Coronel-general foi nomeado pelo presidente Volodimir Zelenski para o lugar do popular Valerii Zaluzhnyi. Medida é justificada devido a “objetivos do país”, mas também questionada, apesar dos feitos militares de Syrskyi.Com a justificativa de que o comando militar da Ucrânia precisa de “mudanças urgentes” a fim de alcançar “os objetivos do país” na guerra contra a Rússia, o presidente ucraniano, Volodimir Zelenski, anunciou nesta quinta-feira (09/02) Oleksandr Syrskyi como novo chefe das Forças Armadas. Ele assume o posto no lugar do popular Valerii Zaluzhnyi, que teria relação estremecida com o presidente.
Ao nomear Syrskyi para o cargo, Zelenski elogiou a experiência do novo comandante, principalmente por ter desempenhado um papel fundamental na defesa de Kiev nos primeiros meses da invasão russa – iniciada em 24 de fevereiro de 2022 –, bem como nas contraofensivas no leste da Ucrânia, meses mais tarde.
Dias depois que a Rússia abandonou a tentativa de tomar a capital ucraniana, entre o final de março e o começo de abril de 2022, Zelenski concedeu a Syrskyi o prêmio de Herói da Ucrânia, a maior honraria do país. No decreto, o presidente ucraniano elogiou a “coragem pessoal” de Syrskyi e sua “contribuição significativa para a defesa da soberania e da integridade territorial da Ucrânia”.
Antes de a Rússia começar a invasão, Syrskyi era mais conhecido por coordenar uma operação de remoção na cidade ucraniana de Debaltseve em 2015. Ele criou um grupo militar apelidado de “Bars” (leopardos da neve) para dar cobertura aos soldados que estavam sendo evacuados. Devido a isso, recebeu uma medalha e se tornou chefe das forças terrestres da Ucrânia, além de herdar o apelido “Bars”.
Após o início da invasão da Ucrânia pela Rússia, Syrskyi foi um dos principais arquitetos da defesa de Kiev. Por recomendação dele, as forças ucranianas estabeleceram uma defesa de dois níveis ao redor da cidade e destruíram pontes e uma represa local. De acordo com analistas, essas medidas tornaram extremamente difícil o avanço dos agressores. As tropas russas não conseguiram chegar a Kiev e acabaram sendo forçadas a se retirar.

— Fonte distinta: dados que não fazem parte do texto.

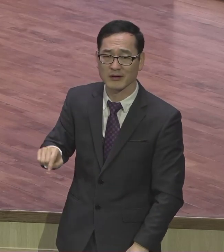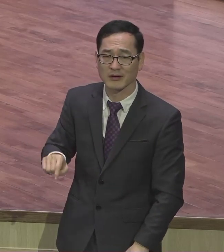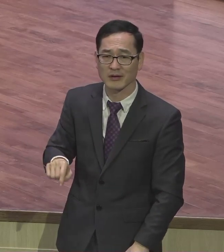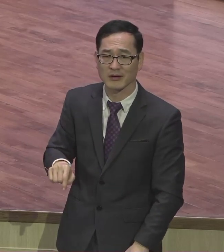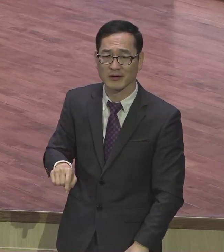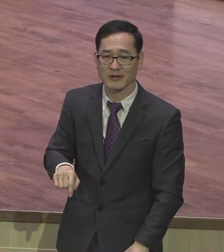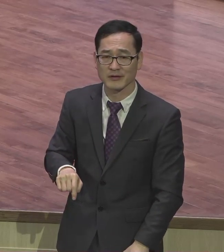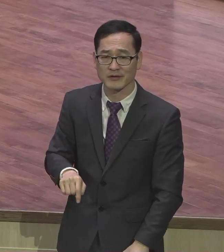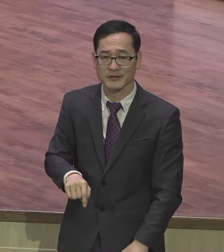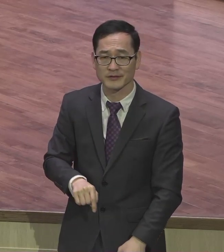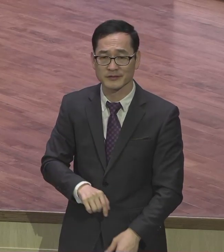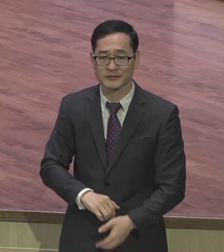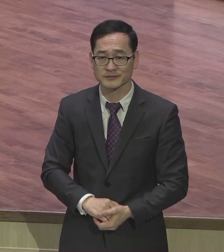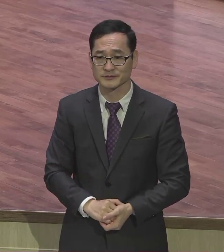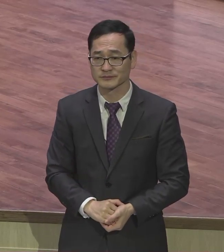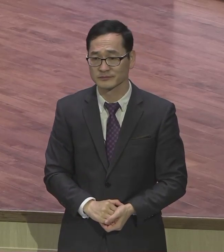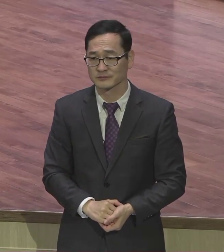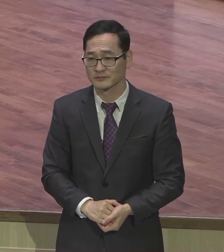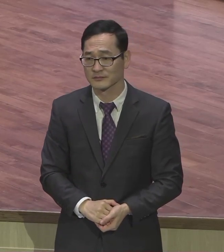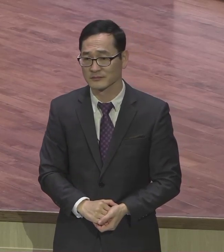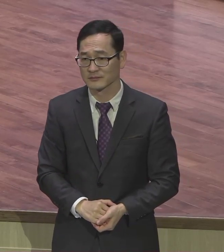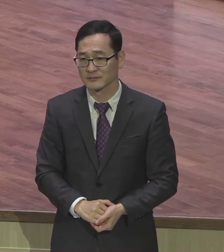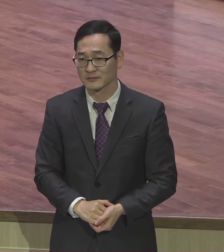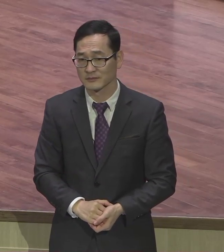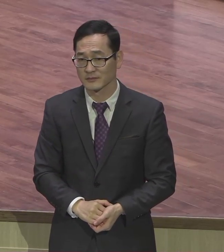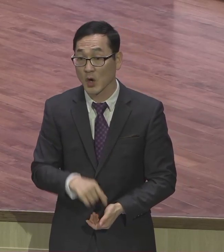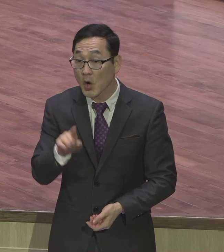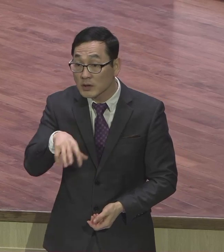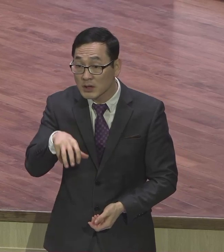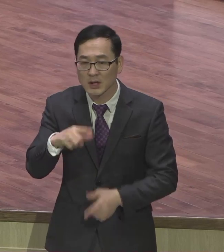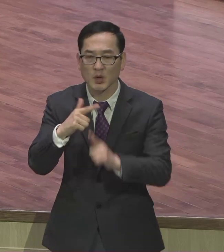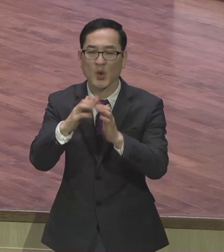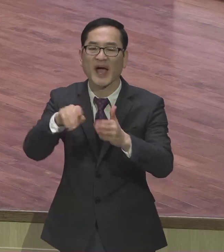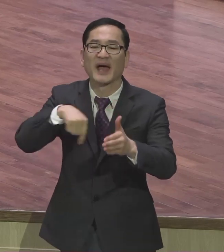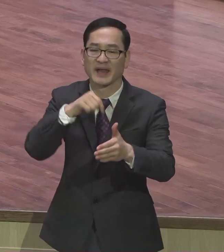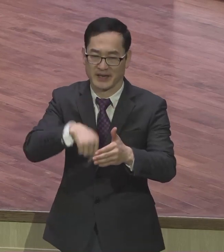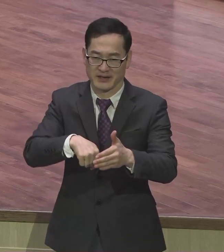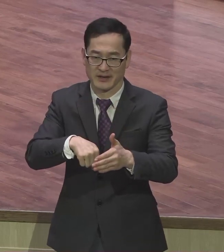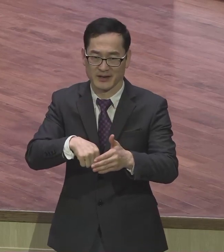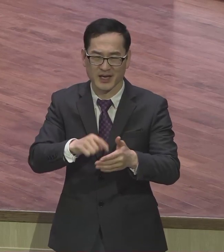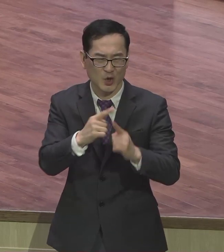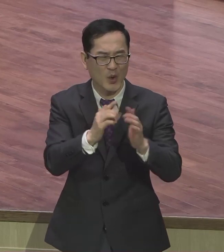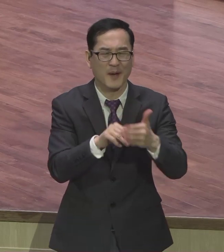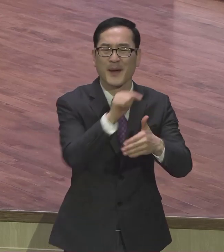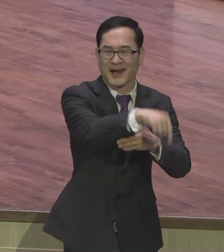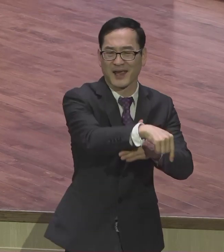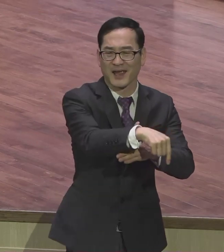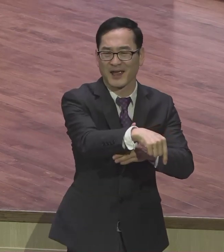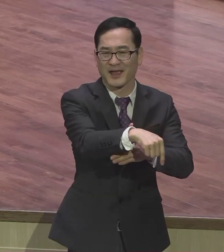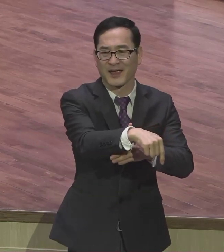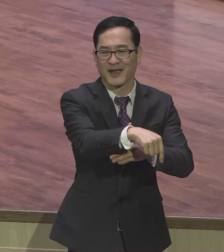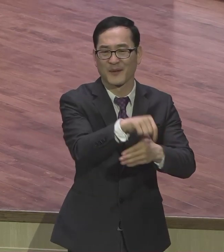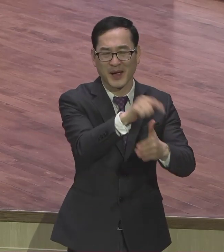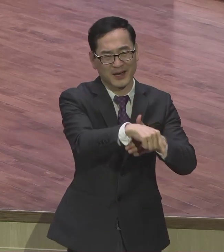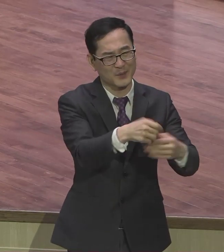배워있어요 어디서? 교회 안에서 교회밖에 당연히 없는 거니까 그거는 뭐 져주고

Campanhas no leste e no sul
O coronel-general também esteve envolvido nas contraofensivas bem-sucedidas ucranianas em Kharkiv, no leste, e Kherson, no sul, o que fez com que a Ucrânia recuperasse rapidamente o controle de vastas áreas de seu território – impondo, assim, derrotas à Rússia.
No outono europeu de 2022 e na primavera europeia de 2023, Syrskyi também foi encarregado de defender Soledar e Bakhmut, áreas que as forças ucranianas tiveram que abandonar após longas e sangrentas batalhas.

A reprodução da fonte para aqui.